To go to the people at large, he had to go to more populated areas, that is, to the provinces of Palestine where he had not yet been, Samaria, Judea, and Galilee.
He crossed the Jordan to get to these places. It was itself a re-enactment of the exodus, from desert to the Land. The whole thing was this land-rights
procession, a claim to the Land against the Roman occupation of it. He was telling the people how to live appropriately in this Land that God had given them.
After Jesus was baptized, John's whole operation moved with missionary urgency to the West Bank of the Jordan. John seems to have gone to Samaria
himself, while sending Jesus, his helper(???), to Judea. Jesus worked as a baptist at this time. [Note: he was a Jew]. This means that he worked in the tradition
of John, and preached the message of John.
Jesus himself baptized during this stage of his ministry. This may have been an innovation: someone other than John was doing the baptizing, even though
it was 'with the baptism of John'. Jesus appears to have developed followers of his own, who had, for the most part, been previously followers of the larger
baptist group.
John, at some point, decided to go to Galilee, the only province not yet touched by his message. Galilee was under direct control of Herod Antipas. Some time
prior to 23 CE, Antipas had dismissed his wife and married Herodias, his brother's wife, who was also his niece. As a Jew, and a Jewish Client-Ruler (even if by
Roman placet), he had publicly violated Jewish law.
Almost immediately on coming to Galilee, John engaged in strong public criticism of Antipas. Perhaps he had done so earlier, while he was still in Samaria
(it, like Judea, was not under the control of Antipas, but under direct Roman administration.) Perhaps he had even done so while he was still on the East side
of the Jordan, in Perea, which was under Antipas' control.
It is possible that his motivation in crossing the Jordan into Samaria was not exclusively spiritual, but also included a measure of political safety
for himself. If this is the case, his going to Galilee was, in the circumstances, a courageous option. When he arrived there, he stepped up his criticisms
against Antipas. His motivation in doing so is interesting. It has little directly to do with the sanctity of Jewish or Christian marriage.
Antipas wanted to be accepted as the true Messiah-King, and wanted to be the Messiah-King who would save the Jewish people by inculturating them into
Roman ways of living. In God's Holy Land! His father was a Jew, but his mother had been a Samaritan of Arab blood. He thought that by dismissing
his foreign wife, and marrying someone of the best Maccabean Jewish blood line, he would be more accepted as this kind of Messiah. John objected strongly.

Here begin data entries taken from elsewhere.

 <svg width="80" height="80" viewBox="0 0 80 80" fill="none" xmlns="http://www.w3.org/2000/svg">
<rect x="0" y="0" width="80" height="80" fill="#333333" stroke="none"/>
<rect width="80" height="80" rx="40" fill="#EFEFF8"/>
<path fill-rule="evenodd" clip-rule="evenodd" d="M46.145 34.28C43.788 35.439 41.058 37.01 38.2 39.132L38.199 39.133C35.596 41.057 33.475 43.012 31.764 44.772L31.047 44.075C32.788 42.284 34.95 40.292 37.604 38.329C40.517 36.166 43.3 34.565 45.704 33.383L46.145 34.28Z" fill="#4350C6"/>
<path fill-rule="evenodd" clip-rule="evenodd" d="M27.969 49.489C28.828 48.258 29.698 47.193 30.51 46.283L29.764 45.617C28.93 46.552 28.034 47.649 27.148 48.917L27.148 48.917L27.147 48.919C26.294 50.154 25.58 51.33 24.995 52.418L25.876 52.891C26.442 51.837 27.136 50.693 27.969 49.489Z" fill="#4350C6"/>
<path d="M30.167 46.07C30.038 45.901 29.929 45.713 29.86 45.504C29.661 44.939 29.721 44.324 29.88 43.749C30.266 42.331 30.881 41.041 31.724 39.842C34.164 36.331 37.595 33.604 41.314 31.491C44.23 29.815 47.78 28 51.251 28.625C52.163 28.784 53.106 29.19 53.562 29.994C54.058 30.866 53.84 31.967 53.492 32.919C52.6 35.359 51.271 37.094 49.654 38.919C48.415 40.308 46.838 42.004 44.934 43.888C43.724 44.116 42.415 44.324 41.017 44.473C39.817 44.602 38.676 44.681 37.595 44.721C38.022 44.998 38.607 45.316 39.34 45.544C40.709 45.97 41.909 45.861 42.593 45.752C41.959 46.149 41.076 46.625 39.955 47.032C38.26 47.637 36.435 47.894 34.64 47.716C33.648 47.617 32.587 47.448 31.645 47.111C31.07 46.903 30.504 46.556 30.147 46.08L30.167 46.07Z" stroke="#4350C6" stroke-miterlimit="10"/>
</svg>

The dismissed wife of Antipas was a Nabatean princess, the daughter of Aretas IV of Petra. When she was rejected, she engineered a visit to the great
fortress of Machaerus in the south of Perea, overlooking the Dead Sea, (still in the territory of Antipas), and then slipped across the border to her
father in Nabatea. Aretas would seek revenge for the insult offered by Antipas to the Nabatean royal family.

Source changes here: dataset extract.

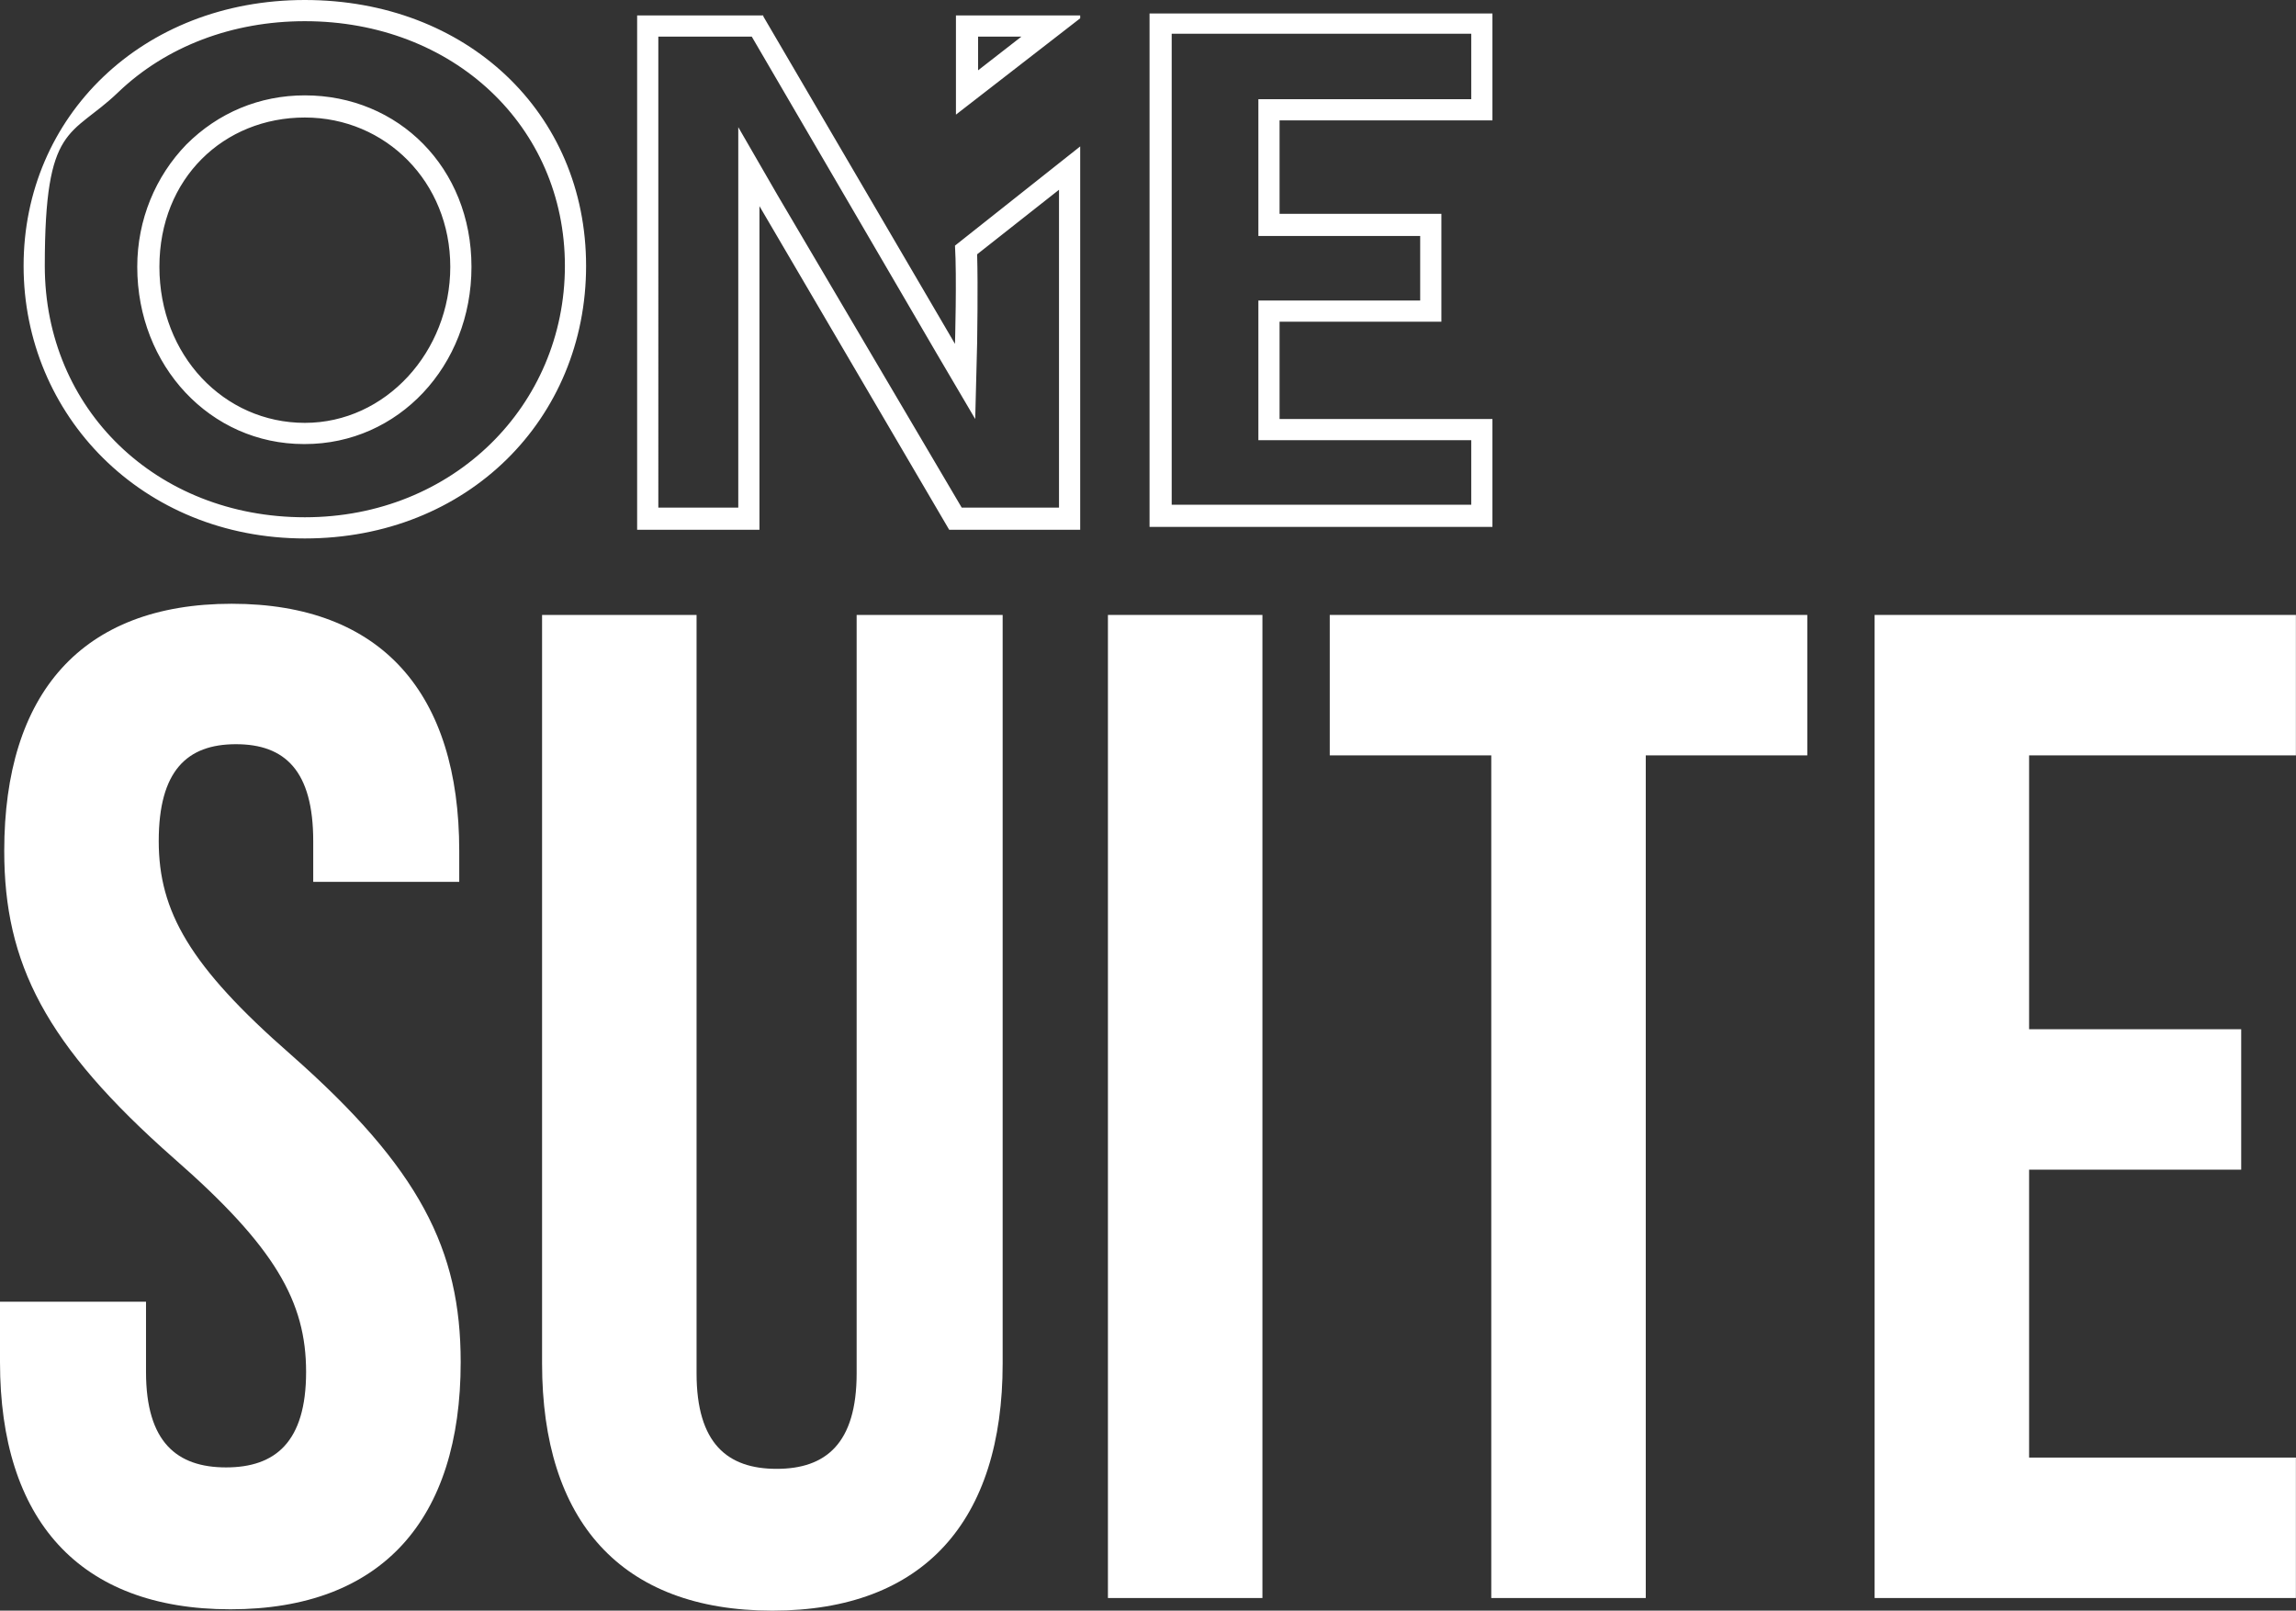 <?xml version="1.0" encoding="UTF-8"?> <svg xmlns="http://www.w3.org/2000/svg" id="Capa_2" data-name="Capa 2" viewBox="0 0 238.38 167.21"><rect x="0" y="0" width="238.38" height="167.21" fill="#333333" stroke="none"/><defs><style> .cls-1 { isolation: isolate; } .cls-2 { fill: #fff; } </style></defs><g id="Layer_1" data-name="Layer 1"><g><path class="cls-2" d="M31.65,2.2h0c15.4,0,27,10.9,27,25.4s-11.6,26.1-27,26.1S4.65,42.5,4.65,27.6s2.7-13.3,7.6-18c5-4.8,11.9-7.4,19.4-7.4M31.65,46.1c9.7,0,17.3-8.1,17.3-18.4s-7.6-17.8-17.3-17.8h0c-4.7,0-9,1.8-12.3,5.1-3.2,3.3-5.1,7.8-5.1,12.7,0,10.3,7.6,18.4,17.3,18.4M31.65,0C14.75,0,2.45,12.1,2.45,27.6s12.3,28.3,29.2,28.3,29.2-12.4,29.2-28.3S48.45,0,31.65,0h0ZM31.65,43.9c-8.4,0-15.1-7-15.1-16.2s6.7-15.5,15.1-15.5h0c8.4,0,15.1,6.7,15.1,15.5s-6.7,16.2-15.1,16.2h0ZM152.75,3.6v6.7h-22.1v14.2h16.8v6.7h-16.8v14.5h22.1v6.7h-31.1V3.5h31.1M154.95,1.4h-35.6v53.3h35.6v-11.2h-22.1v-10.1h16.8v-11.2h-16.8v-9.7h22.1V1.3h0v.1ZM106.05,3.8l-4.5,3.5v-3.5h4.5M78.05,3.8l19.2,32.9,4,6.8.2-7.9c0-.3.1-5.7,0-9.2l8.5-6.7v33h-10.1l-19.1-32.4-4.1-7.1v39.5h-8.3V3.8h9.6M112.15,1.6h-12.9v10.3l12.9-10v-.3h0ZM79.25,1.6h-13.1v53.4h12.7V21.4l19.7,33.6h13.6V15.2l-13,10.3c.2,3.2,0,10.2,0,10.2L79.25,1.7h0v-.1Z"></path><g class="cls-1"><path class="cls-2" d="M24.06,62.68c15.6,0,23.62,9.33,23.62,25.66v3.21h-15.16v-4.23c0-7.29-2.92-10.06-8.02-10.06s-8.02,2.77-8.02,10.06,3.21,12.98,13.71,22.16c13.41,11.81,17.64,20.27,17.64,31.93,0,16.33-8.16,25.66-23.91,25.66S0,157.73,0,141.41v-6.27h15.16v7.29c0,7.29,3.21,9.91,8.31,9.91s8.31-2.62,8.31-9.91-3.21-12.98-13.71-22.16C4.67,108.46.44,100,.44,88.34c0-16.33,8.02-25.66,23.62-25.66Z"></path><path class="cls-2" d="M72.32,63.84v78.73c0,7.29,3.21,9.92,8.31,9.92s8.31-2.62,8.31-9.92V63.84h15.16v77.71c0,16.33-8.17,25.66-23.91,25.66s-23.91-9.33-23.91-25.66V63.84h16.04Z"></path><path class="cls-2" d="M115.03,63.84h16.04v102.06h-16.04V63.84Z"></path><path class="cls-2" d="M138.07,63.84h49.57v14.58h-16.77v87.48h-16.04v-87.48h-16.77v-14.58Z"></path><path class="cls-2" d="M210.67,106.85h22.02v14.58h-22.02v29.89h27.7v14.58h-43.74V63.84h43.74v14.58h-27.7v28.43Z"></path></g></g></g></svg>

This revenge would normally amount to a border war, in which Antipas would be humiliated. Antipas then was politically and militarily vulnerable, and needed
the support of the Jews of Galilee in a particular way at this time. John's public attack on him, and especially on his Messianic aspirations, alienated them.

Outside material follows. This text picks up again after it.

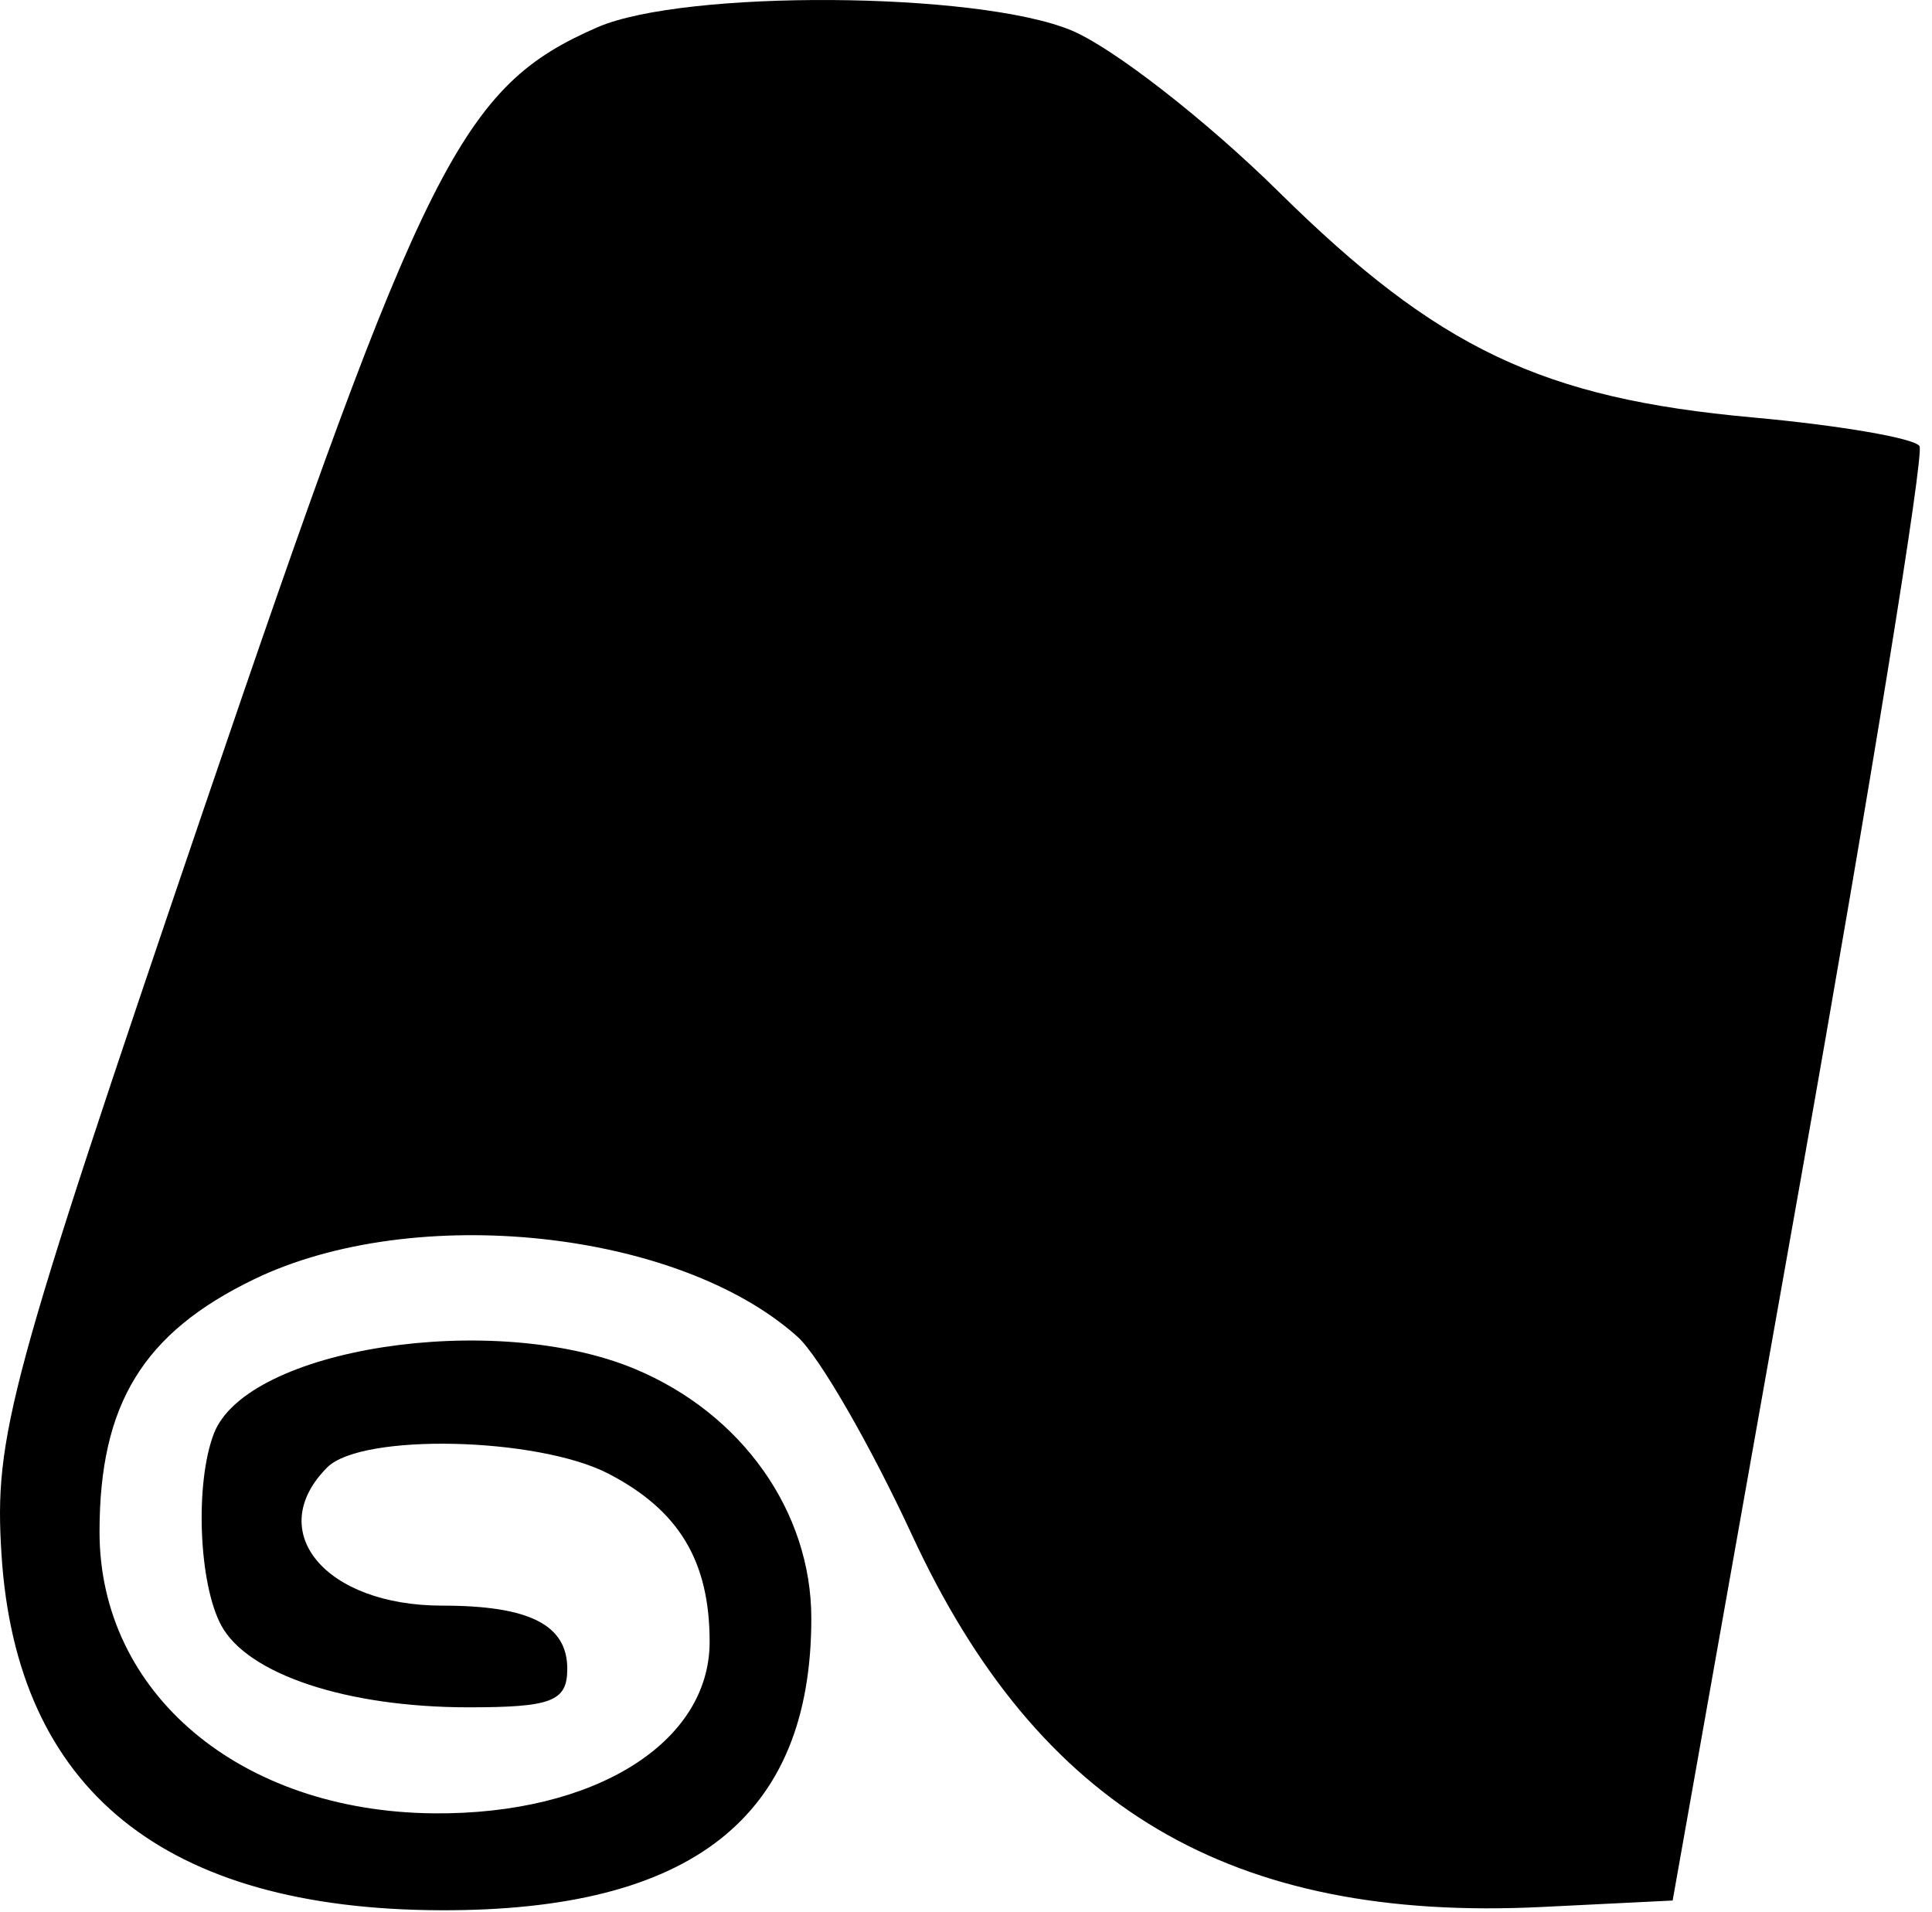 <?xml version="1.0" encoding="UTF-8"?> <svg xmlns="http://www.w3.org/2000/svg" width="95" height="94" viewBox="0 0 95 94" fill="none"> <path fill-rule="evenodd" clip-rule="evenodd" d="M29.375 1.342C22.704 4.248 20.866 7.9 9.99 39.86C0.402 68.034 -0.297 70.613 0.074 76.439C0.811 88.01 8.071 93.885 21.684 93.926C34.029 93.963 39.894 89.341 39.894 79.574C39.894 74.328 36.489 69.512 31.223 67.312C24.286 64.414 12.132 66.281 10.515 70.493C9.581 72.927 9.768 77.844 10.873 79.909C12.166 82.326 17.054 83.948 23.043 83.948C27.136 83.948 27.894 83.652 27.894 82.055C27.894 79.89 26.03 78.948 21.746 78.948C15.982 78.948 12.946 75.296 16.094 72.148C17.782 70.46 26.425 70.654 29.914 72.458C33.385 74.253 34.894 76.759 34.894 80.727C34.894 85.701 29.215 89.232 21.328 89.161C11.805 89.075 4.894 83.255 4.894 75.322C4.894 69.042 7.033 65.543 12.483 62.905C20.361 59.091 33.366 60.468 39.225 65.736C40.272 66.678 42.801 71.061 44.845 75.478C51.07 88.928 60.54 94.519 75.82 93.765L82.247 93.448L88.535 58.045C91.993 38.573 94.626 22.323 94.386 21.935C94.146 21.547 90.45 20.912 86.172 20.524C75.833 19.588 70.69 17.141 62.894 9.448C59.319 5.92 54.721 2.339 52.676 1.491C48.063 -0.424 33.639 -0.516 29.375 1.342Z" fill="black"></path> </svg>

Antipas had the Baptist arrested, probably initially at Tiberias. Arrest, in those times and places, amounted to much the same thing as elimination, at least
in due time, and perhaps with undue haste, even if without due process. [There are interesting parallels here with the eventual demise of Jesus].
To forestall the Nabatean invasion of Perea, Antipas then moved south to Macherus, and brought his prisoner with him. There he executed him.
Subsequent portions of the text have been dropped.